E’ bastato uno scatto “rubato” diventato virale, postato su Twitter da Shari Dunaway, neurologa dell’Ohio State Universty Wexner Medical Center, per fare diventare Shiloh una vera e propria star del web. Protagonista della curiosa storia che sta facendo il giro del pianeta un cucciolone di Labrador Retriever color crema, impegnato in ospedale nei reparti dove si utilizza la pet therapy, con lo scopo di portare un sorriso e un po’ di dolcezza a degenti e dipendenti, per abbassarne il tasso di stress causato dalle molte ore di lavoro. 

Il suo dolcissimo sguardo fa il giro del mondo

Shiloh stava posando per lo foto del badge, di routine e obbligatorio per ogni dipendente (anche se a 4 zampe!), ed è diventato nel giro di pochi minuti, il cane per eccellenza. “Il mio ospedale ha assunto un nuovo impiegato e il suo unico lavoro è quello di andare in giro a salutare gli altri mentre lavorano”- aveva “cinguettato” su Twitter la dottoressa, molto divertita.

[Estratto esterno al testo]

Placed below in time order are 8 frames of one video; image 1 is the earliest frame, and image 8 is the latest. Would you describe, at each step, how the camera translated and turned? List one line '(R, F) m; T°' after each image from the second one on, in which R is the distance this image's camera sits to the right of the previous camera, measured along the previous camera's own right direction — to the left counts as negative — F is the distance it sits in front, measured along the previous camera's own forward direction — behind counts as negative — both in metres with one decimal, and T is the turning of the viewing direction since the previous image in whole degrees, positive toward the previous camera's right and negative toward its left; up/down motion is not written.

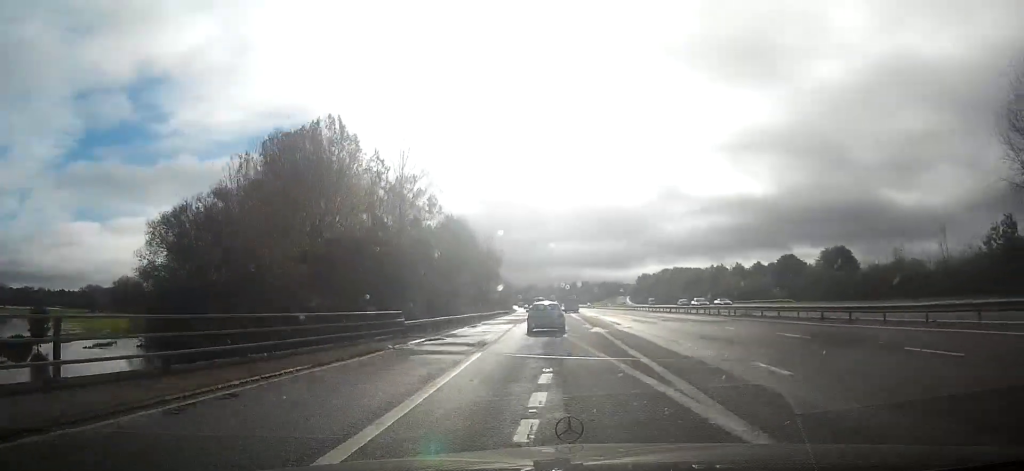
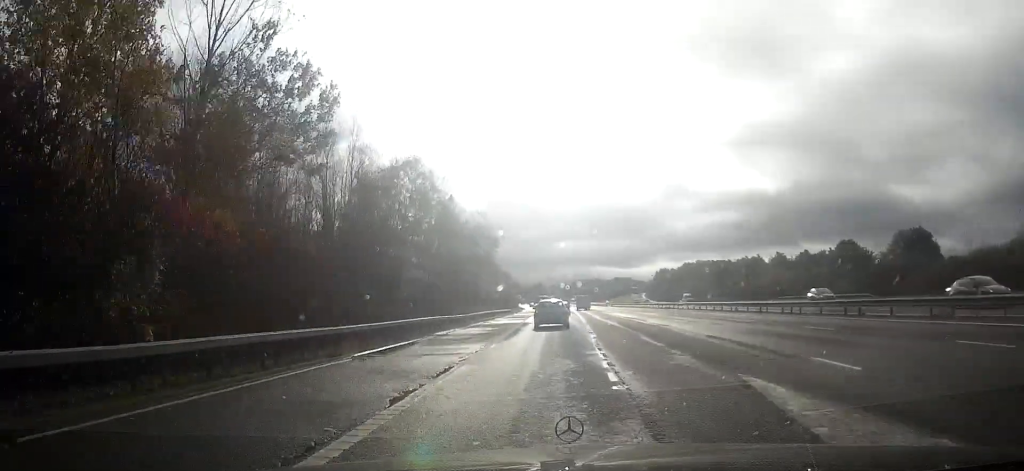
(0.0, +24.9) m; -1°
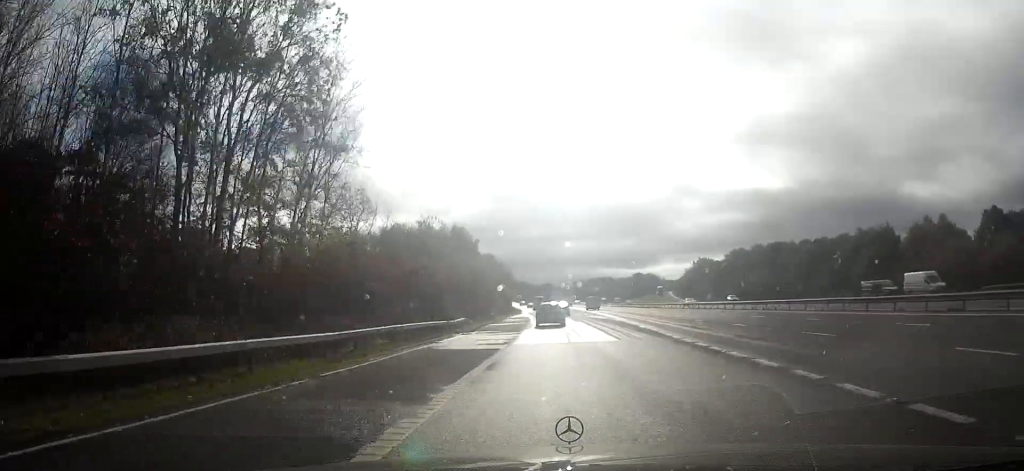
(-1.2, +63.7) m; -1°
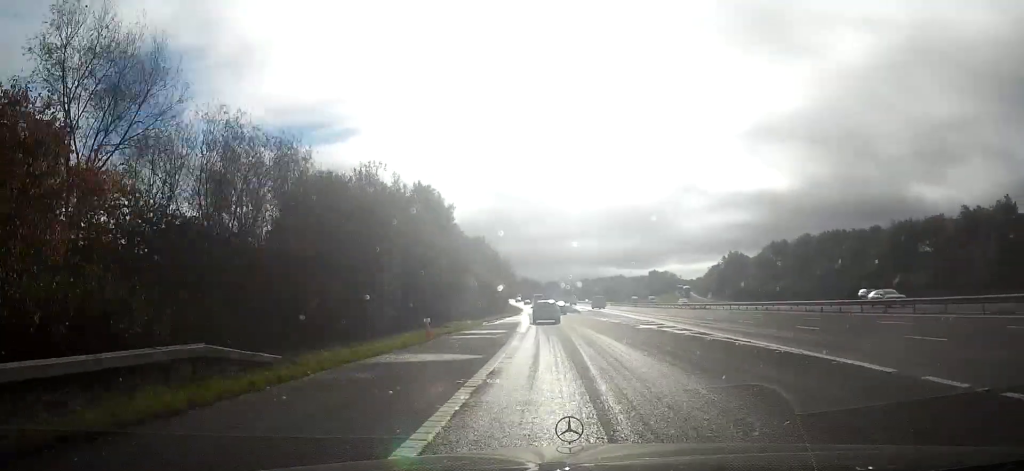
(+0.3, +31.9) m; 0°
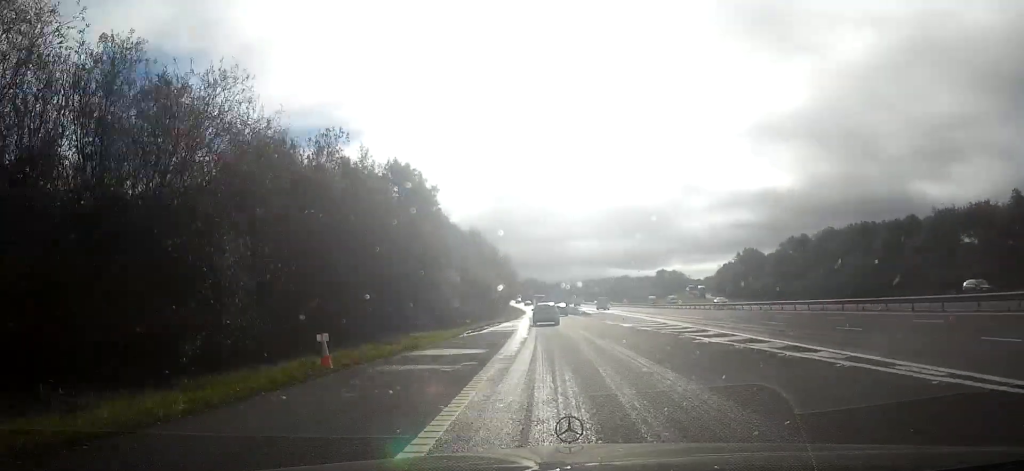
(-0.1, +11.6) m; -1°
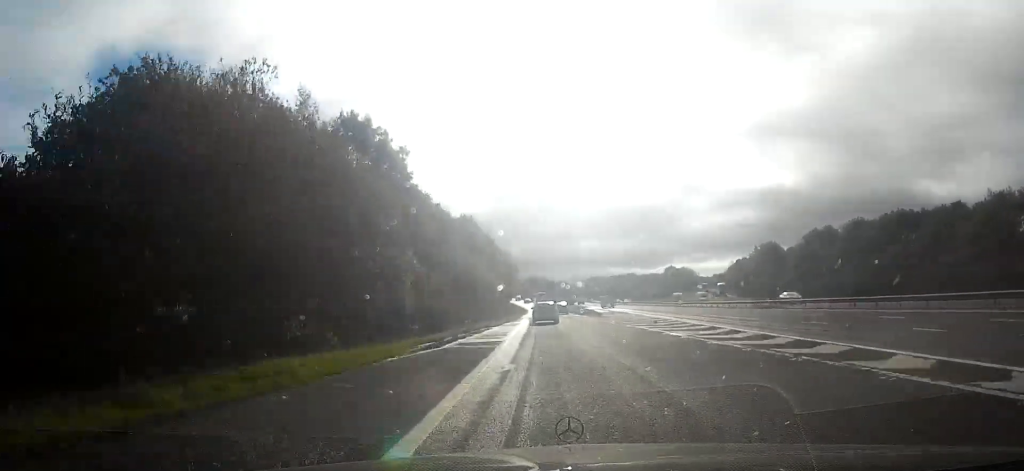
(-0.1, +13.1) m; -1°
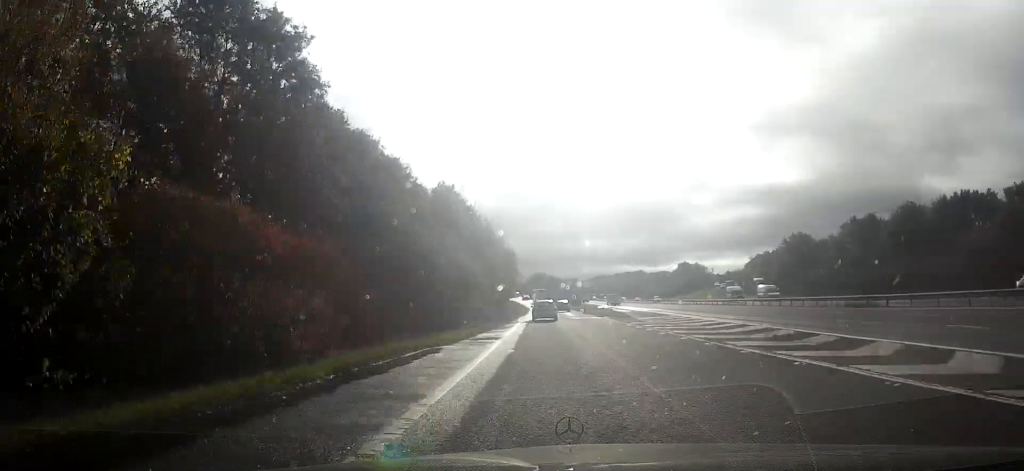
(-0.1, +18.5) m; -1°
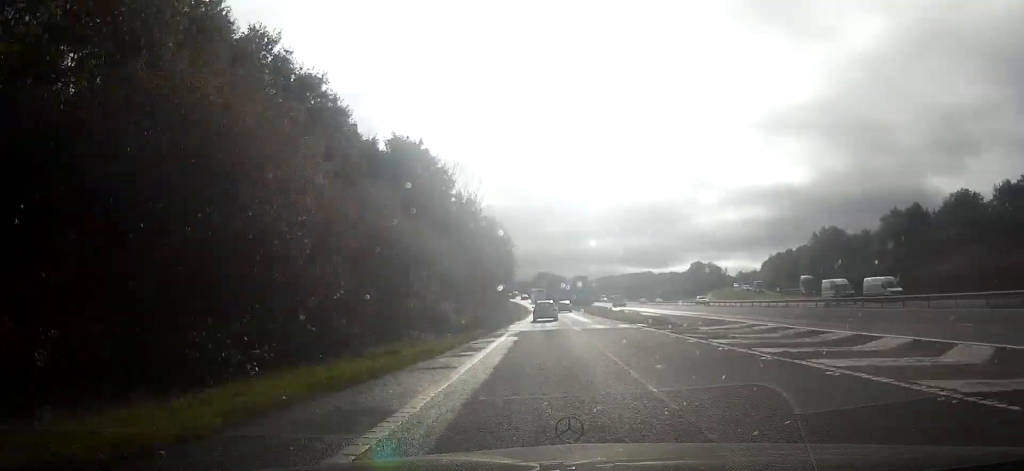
(-0.2, +16.2) m; 0°

Il Golden appartiene a Mrs. Mary Justice ed è nato il 3 settembre 2017. Inseparabile dall’ orsetto Billie, il suo giocattolo preferito, ha due grandi amici: suo fratello Grady e il gatto, Izzy.

Il programma Buckeye Paws dell’ ospedale

Shiloh in realtà è l’ultimo arruolato e fa parte di una equipe di quattro cani del #BuckeyePaws dell’ospedale. Ma come vengono scelti questi angeli a 4 zampe, per assolvere un compito così importante? Devono avere almeno compiuto un anno, essere in buona salute e avere il libretto delle vaccinazioni aggiornato. I Pet Pals devono essere guidati dai volontari che, a loro volta, devono compilare una domanda, partecipare a un corso di orientamento e firmare un modulo di riservatezza, fondamentale per la privacy dei pazienti. 

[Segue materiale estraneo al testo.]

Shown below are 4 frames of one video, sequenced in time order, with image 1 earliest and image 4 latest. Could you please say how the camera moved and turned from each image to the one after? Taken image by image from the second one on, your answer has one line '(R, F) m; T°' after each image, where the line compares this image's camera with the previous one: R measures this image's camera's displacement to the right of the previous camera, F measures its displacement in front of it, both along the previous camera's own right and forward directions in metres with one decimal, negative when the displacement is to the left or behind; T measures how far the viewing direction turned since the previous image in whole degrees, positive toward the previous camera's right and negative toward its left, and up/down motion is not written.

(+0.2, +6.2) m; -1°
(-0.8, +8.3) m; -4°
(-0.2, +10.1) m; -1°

La PET THERAPY, una pratica terapeutica dolce

La pet therapy, neologismo anglosassone che indica la terapia dell’ animale da affezione,  è nata nel 1792 in Inghilterra, presso il York Retreat Hospital, dove lo psicologo William Tuke spinse i pazienti psichiatrici a interagire e a prendersi cura di piccoli animali. Questa co – terapia, che affianca i trattamenti più classici, rinforza e coadiuva le cure tradizionali e può essere impiegata su pazienti di qualsiasi età e patologia, con lo scopo di migliorare la qualità della vita e il proprio stato di salute, rivalutando il rapporto uomo-animale.

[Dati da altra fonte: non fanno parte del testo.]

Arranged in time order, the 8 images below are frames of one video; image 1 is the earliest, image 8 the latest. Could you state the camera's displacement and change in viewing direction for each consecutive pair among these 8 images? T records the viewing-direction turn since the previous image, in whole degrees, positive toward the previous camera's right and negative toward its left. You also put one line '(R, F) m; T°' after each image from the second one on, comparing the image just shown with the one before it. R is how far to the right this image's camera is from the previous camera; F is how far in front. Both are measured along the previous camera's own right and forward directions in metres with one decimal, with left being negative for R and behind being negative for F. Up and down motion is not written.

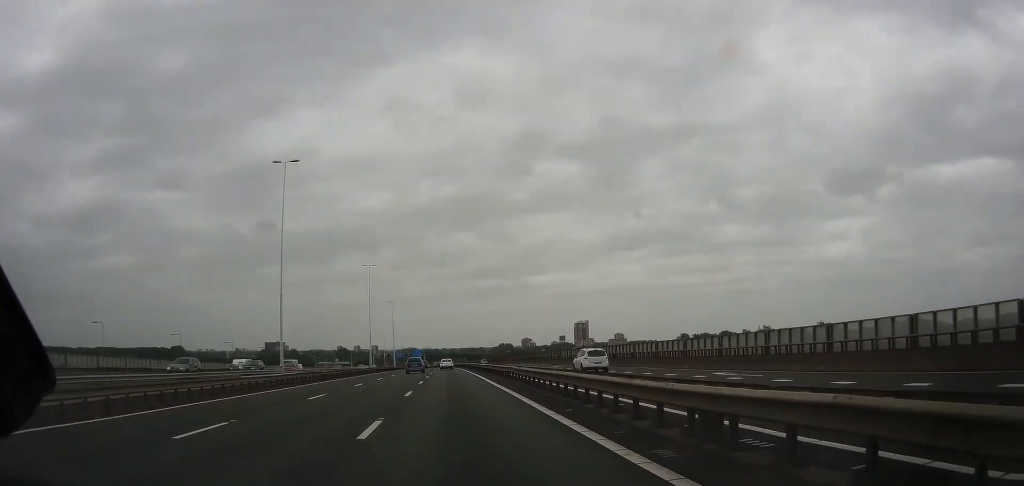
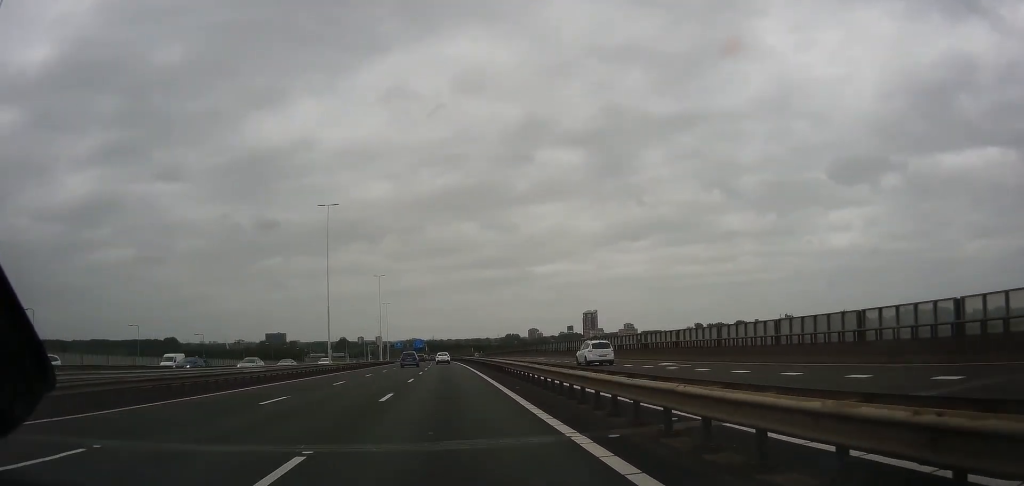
(+0.1, +41.2) m; -1°
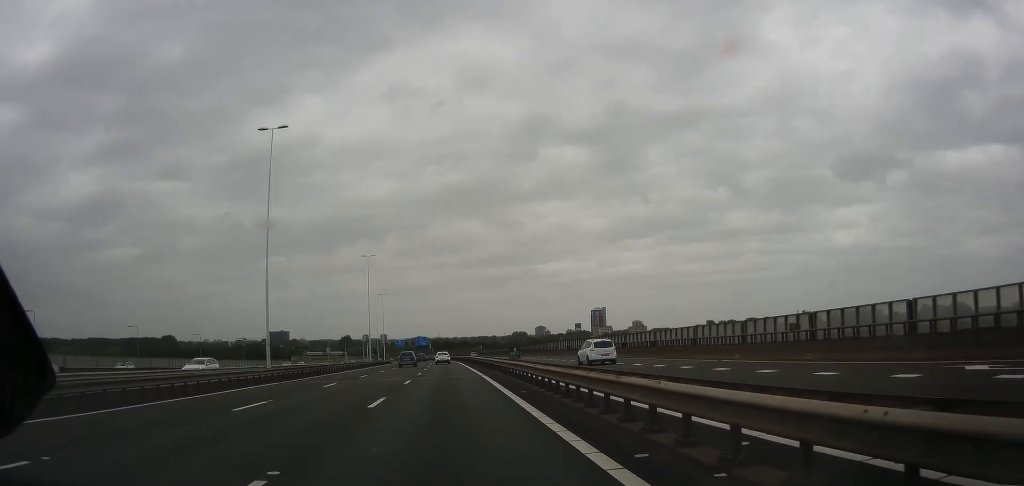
(-0.3, +26.2) m; -1°
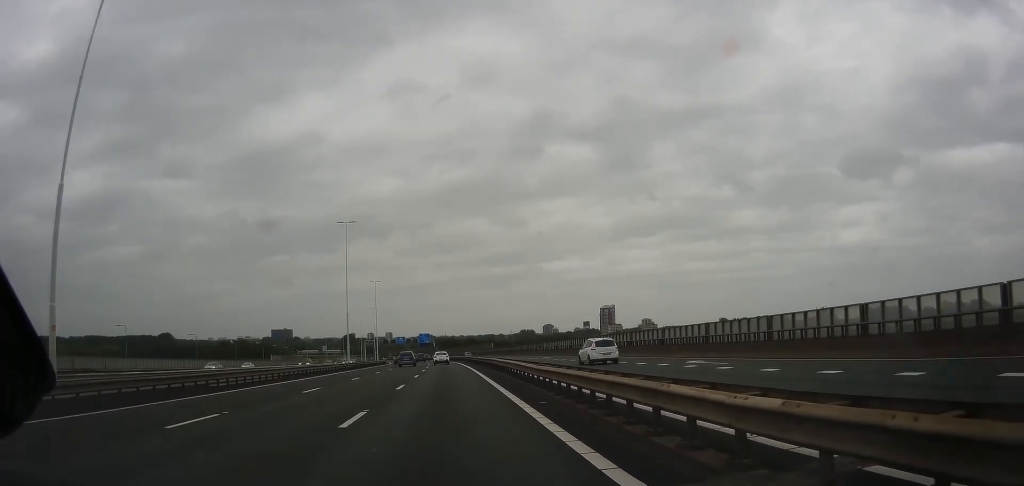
(-0.4, +28.1) m; -1°
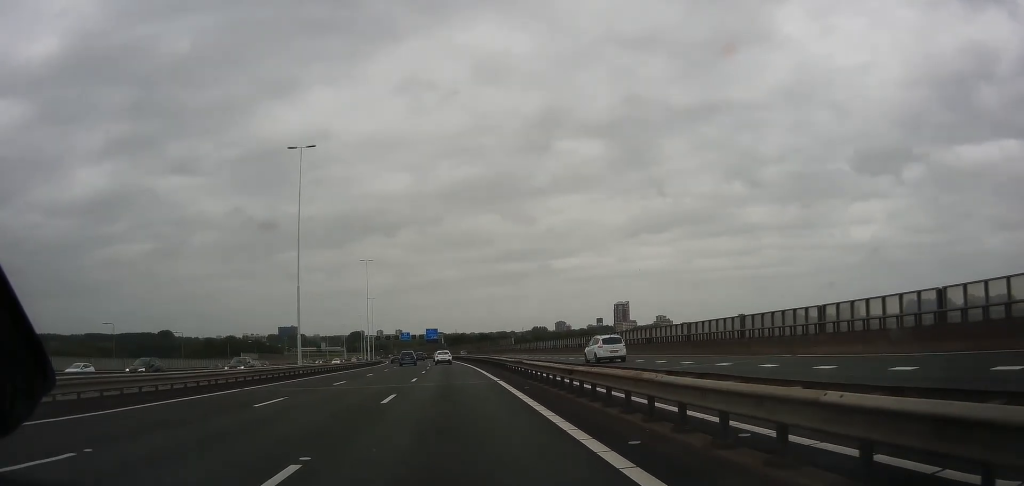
(-0.1, +31.9) m; 0°
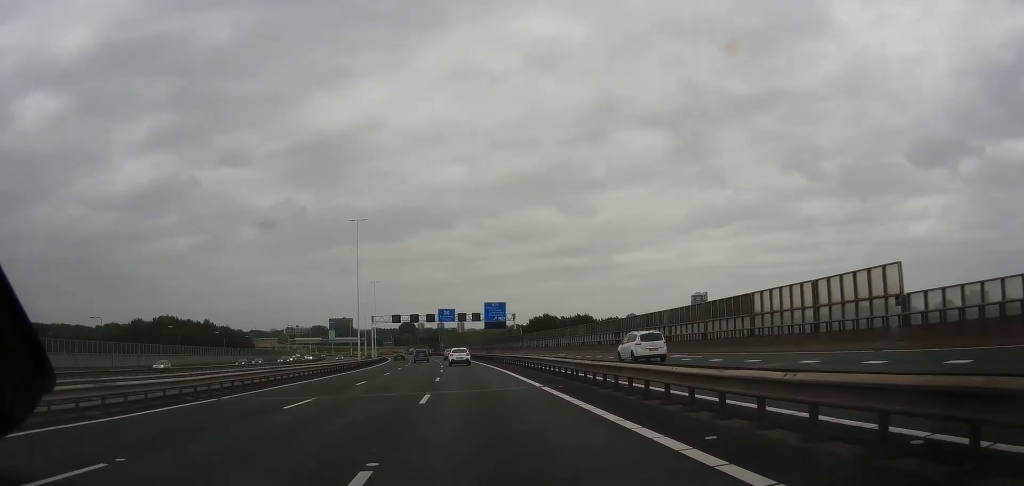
(-0.9, +109.0) m; -3°
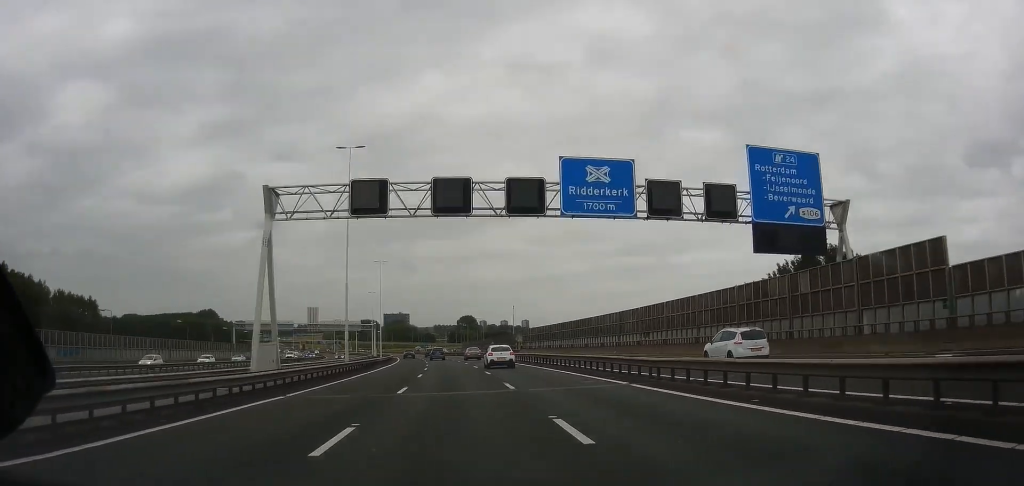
(-6.9, +105.3) m; -6°
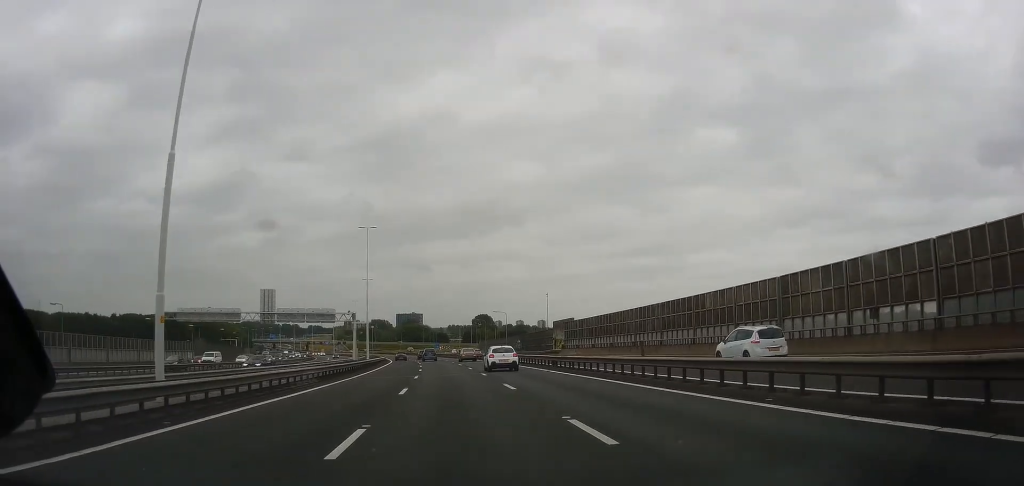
(+0.3, +37.7) m; -1°

I benefici su bambini, anziani e disabili

I pets affiancano bambini, anziani, persone con disabilità o disturbi mentali perché interagire con un animale, significa prendersi cura di qualcuno diverso da sé. Accarezzarlo provoca un piacevole contatto fisico e stimola la creatività e la capacità di osservazione. Le recenti normative e la letteratura scientifica riconoscono cani, gatti, cavalli, conigli e asini, gli animali più adatti alla pet therapy.  Per conoscere meglio la struttura dove il dolcissimo Shiloh è operativo, basterà sfogliare il sito del Wexner Medical Center.